SherlockLiu Logo SherlockLiu
Back to all posts
Engineering

How Claude Code's Extension System Works (Part 5) — Skills, Commands, and Subagents

SL
SherlockLiu
Mar 20, 2026 15 min read
How Claude Code's Extension System Works (Part 5) — Skills, Commands, and Subagents

Series: Agentic System Design, Learned from Claude Code — Part 5 of 6


In the previous post, we explored how Claude Code manages memory across different time scales. Now we tackle another critical design challenge: extensibility.

Once your core agent loop is working, you’ll eventually hit the same limit: you want to add new capabilities, but you don’t want to touch the loop itself.

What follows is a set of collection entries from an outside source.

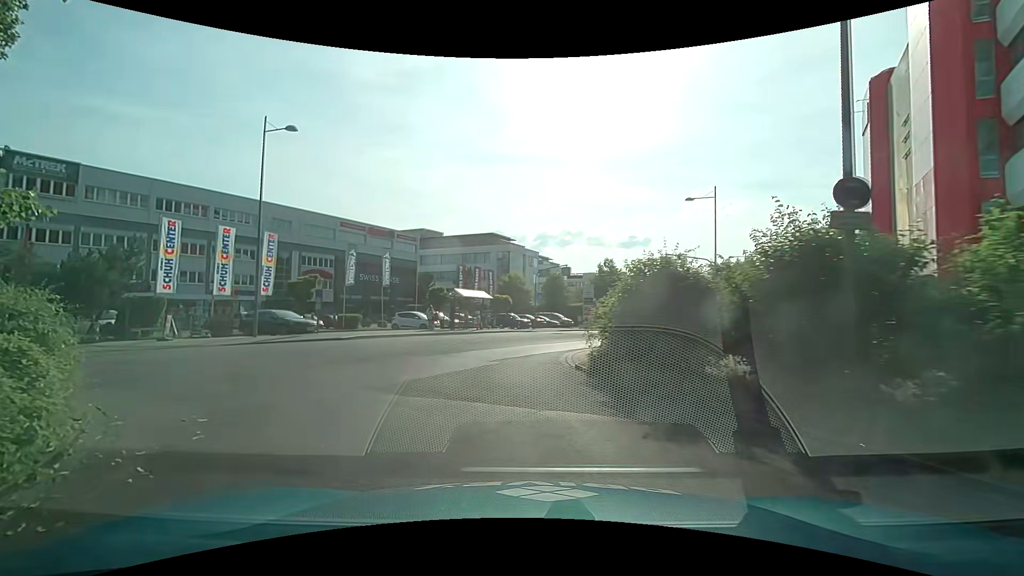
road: service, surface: asphalt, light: Day
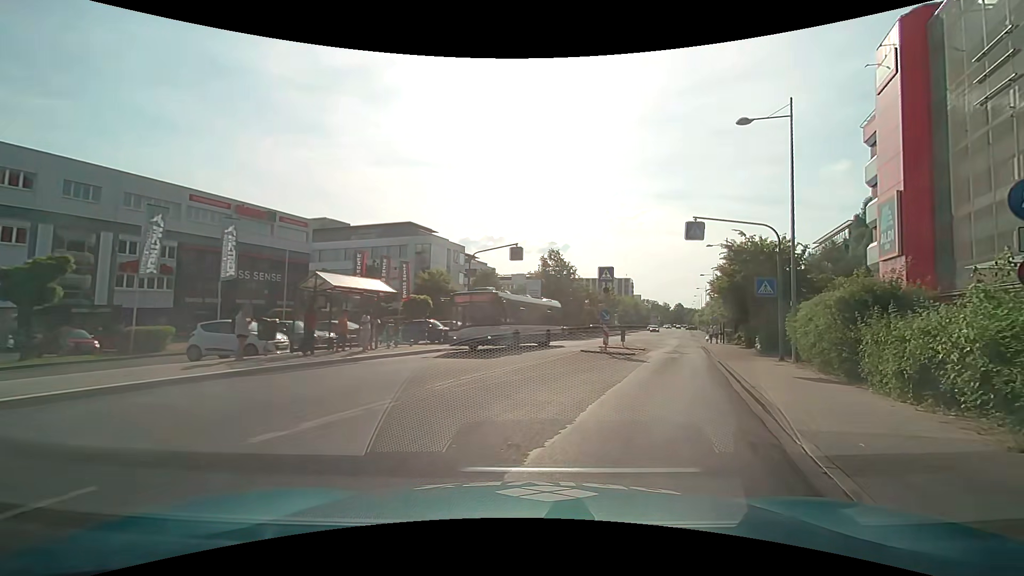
(-0.4, +17.3) m; +11°
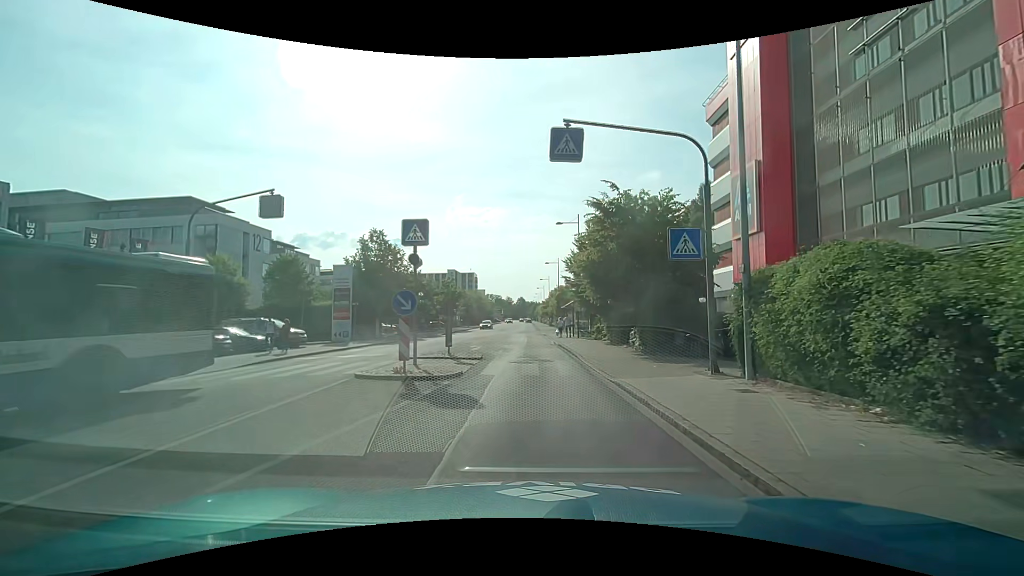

Most systems solve this with one mechanism. Call it plugins, extensions, or tools — there’s one way to add new things, and it tries to handle every case. The problem is that “new capability” can mean very different things:

  • The agent should automatically know how our team reviews PRs
  • I want a keyboard shortcut to run a common workflow
  • I need the agent to explore a large codebase without filling my context window

These are different problems. Forcing them through the same mechanism means making trade-offs that hurt all three.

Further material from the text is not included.